What you are asked to do
For the material that follows, work out how many lines hold the word "share" and answer only with the number.

Supplied records

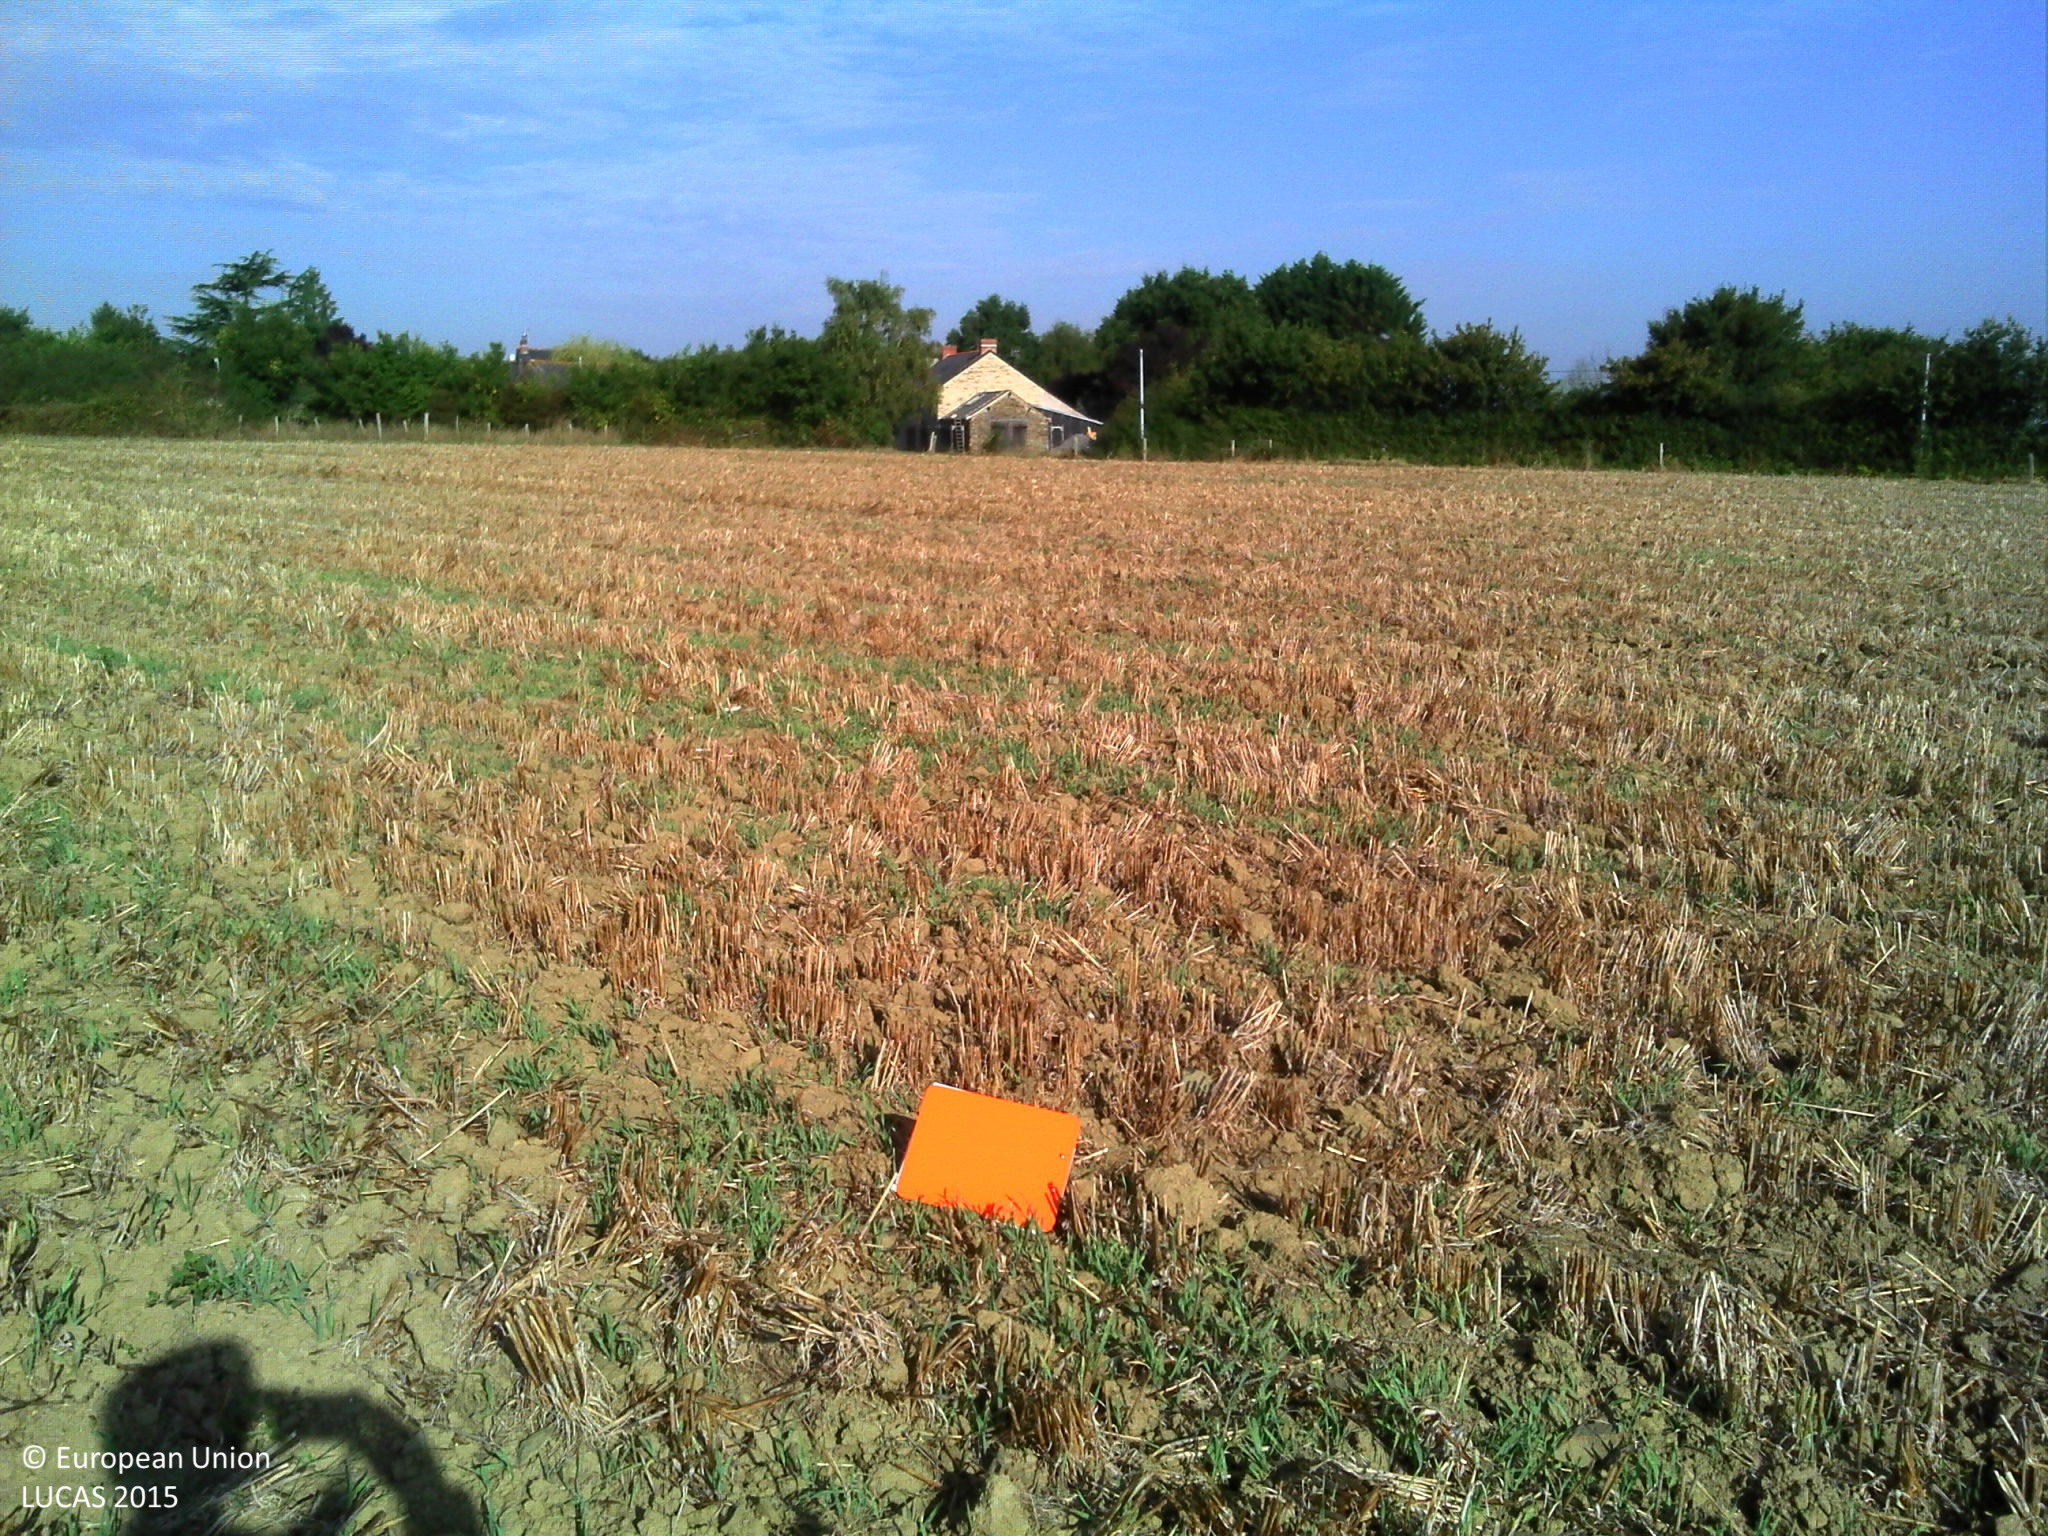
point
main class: Cropland
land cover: Barley
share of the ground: < 10 %
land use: Agriculture (excluding fallow land and kitchen gardens)
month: August
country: FR
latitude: 47.4203
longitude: -1.8307
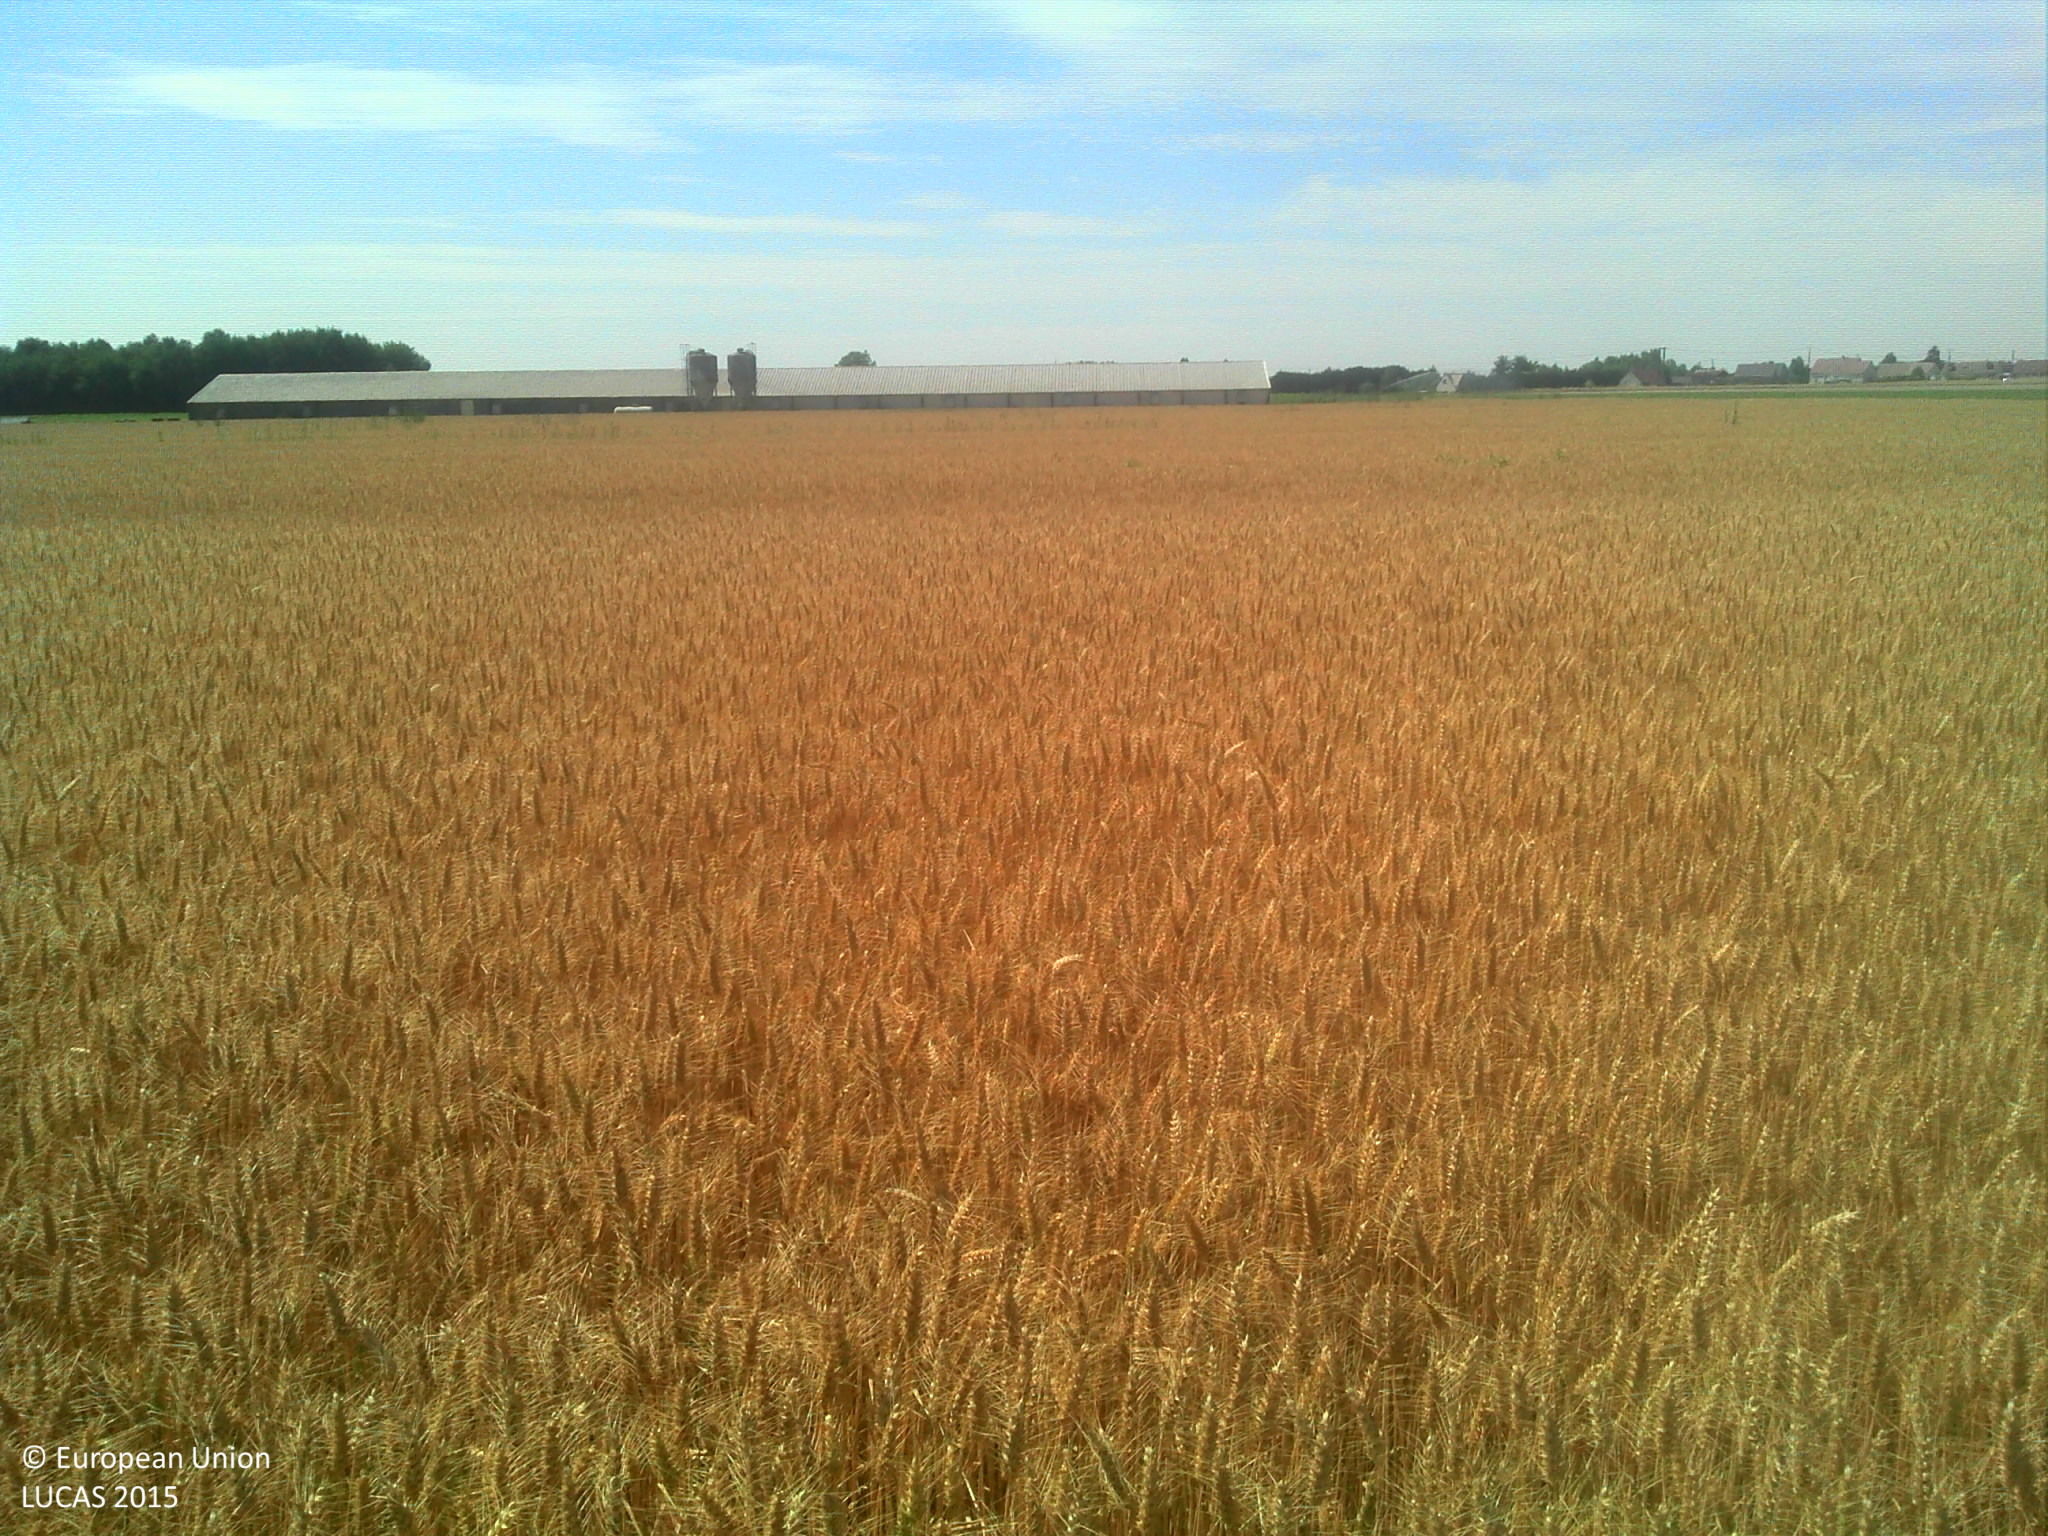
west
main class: Cropland
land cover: Durum wheat
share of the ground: > 75 %
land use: Agriculture (excluding fallow land and kitchen gardens)
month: June
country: FR
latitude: 47.4098
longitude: 1.5448

Solved exercise
2